С воцарением Керенского в кресло председателя совета министров в июле 1917 года заседания правительства проводились в Малахитовой гостиной дворца. Но, если залез один, то за ним полезут и другие. Зимний дворец превратился в учрежденческое здание.
Господин Керенский лично для себя занял комнаты Александра III. Канцелярию разместил в комнатах Александра II. В библиотеке Николая II принимал доклады.
Что бывает с музеями при размещении в них посторонних лиц, известно всем. Созданная специальная комиссия по учету и приемке ценностей обнаружила многие факты утраты и повреждения художественных и исторических ценностей. А размещение во дворце целых воинских частей превратили его в казарму.
После большевистского "штурма" были буквально разгромлены кабинет и приемная Александра II, комнаты Николая II. Надо сказать, что большевики быстро опомнились и все воинские формирования были выведены из дворца, а во дворце разместилась Комиссия по охране памятников искусства и старины.
— Пропуск? — строго сказал стоящий на входе солдат.
Пропуск Дзержинского сработал безотказно. Мы шли знакомыми коридорами к моему кабинету. Дубликат ключа хранился у меня дома и сейчас лежал в кармане галифе. В кабинете было все так же, как и было во время моего ареста. Кое-что исчезло, да Бог с ним, в новую жизнь нужно входить без старых вещей и привычек.
— Давай договоримся, — сказал я Марии, — ты стоишь и молчишь без всякой пролетарской ненависти и бдительности. Я знаю, как выполнить то, что нам поручено, поэтому я здесь главный. Договорились или нет? Если нет, то мы сейчас едем в Москву, и я ставлю вопрос о том, чтобы тебя отстранили от работы со мной.
Обиженная Мария кивнула головой.
Я подошел к облицованной изразцами стене, где размещалась отопительная печь. Нажал известный мне изразец, щелкнул запорный механизм, и изразец выдвинулся из стены, удерживаясь на металлических петлях. Маленький сейф. Никаких кодовых замков. Нужно просто знать, что здесь есть металлический ящик. Можно сбить изразец и не найти тайник. Конечно, код был, но такой, который сейчас не применяется. Как говорится, дело прошлое, открою секрет закрывания сейфа. Последний код был установлен Борисовым. Число 1914. Год начала мировой войны. Четыре цифры. Четыре угла. Нужно знать, какой угол считается первым. Нажимаем на первый угол один раз, на второй — девять, на третий — один, на четвертый — четыре, нажимаем на дверцу, и она сама открывается. Просто и никаких верньеров с цифрами, с поворотами вправо или влево и прочими атрибутами всех секретных замков.
Я выгреб все в большой кожаный портфель, который, похоже, валялся лет сто на высоком платяном шкафу. Я его как-то видел и сейчас заглянул туда для проформы. Это был не портфель, а какой-то пылесборник, не потерявший своих кожаных качеств.

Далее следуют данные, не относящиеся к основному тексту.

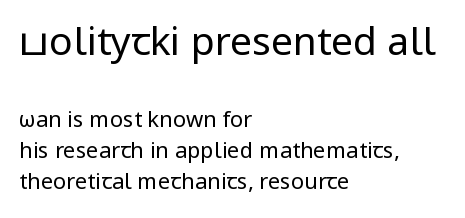
The setting favours the left margin, as ordinary paragraphs usually do. The letters sit at their default tracking, neither squeezed nor spread. The gap between lines stays unmarked. The type family on display is of the sans-serif kind. Which chunk is bigger? The first one — the top block dwarfs the bottom.
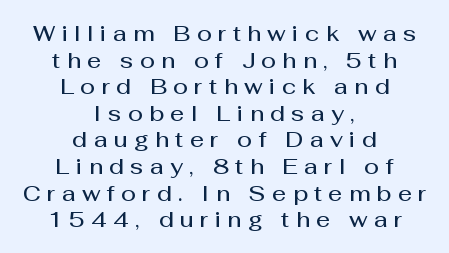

— Это тебе подарок, — сказал я Марии, протягивая ей дамский "браунинг" 1906 года выпуска. — Не пристало женщине ходить с "наганом".
Пока Мария разглядывала пистолет, я аккуратно упаковал и уложил в портфель деньги, бланки паспортов и справок, клише печатей и пузырек спецчернил. Блокнот я положил в карман гимнастерки. Многое дали бы некоторые люди за этот блокнот. Денег было достаточно много в валютах, которые не боятся ни войн и кризисов.
С кожаным портфелем в руке я был настоящим особоуполномоченным ВЧК.
Проходя по коридору, я увидел две картины, прислоненные к стене. На одной была изображена девушка с гладкозачесанными волосами и с опущенным мечом. Девушка одета в легкую тунику золотисто-кровавых оттенков, полуобнаженная до средины бедра нога поставлена на отрубленную бородатую голову. На второй молящаяся девушка, пышного телосложения с полуобнаженной грудью, прикрытой легкой просвечивающей материей.
— Ты знаешь, кто это? — спросил я Марию.
Девушка отрицательно покачала головой.
Картины были небольшими, чуть больше метра в высоту и мне пришлось присесть, чтобы удобнее было показать, что и где изображено.
— Девушка с мечом — это Юдифь, — начал я рассказ, — целомудренная и богобоязненная молодая вдова, героиня Иудеи. Когда огромная армия Навуходоносора под командованием полководца Олоферна осадила город Бетулия, в котором жила Юдифь, она отправилась в стан врага и сделала так, что Олоферн проникся к ней доверием. Когда в один из вечеров он заснул пьяным, она отрезала ему голову. Завоеватели без начальника разбежались в разные стороны. Юдифь вернулась домой и никогда больше не выходила замуж. А картину нарисовал итальянский художник Джорджоне где-то в начале шестнадцатого века.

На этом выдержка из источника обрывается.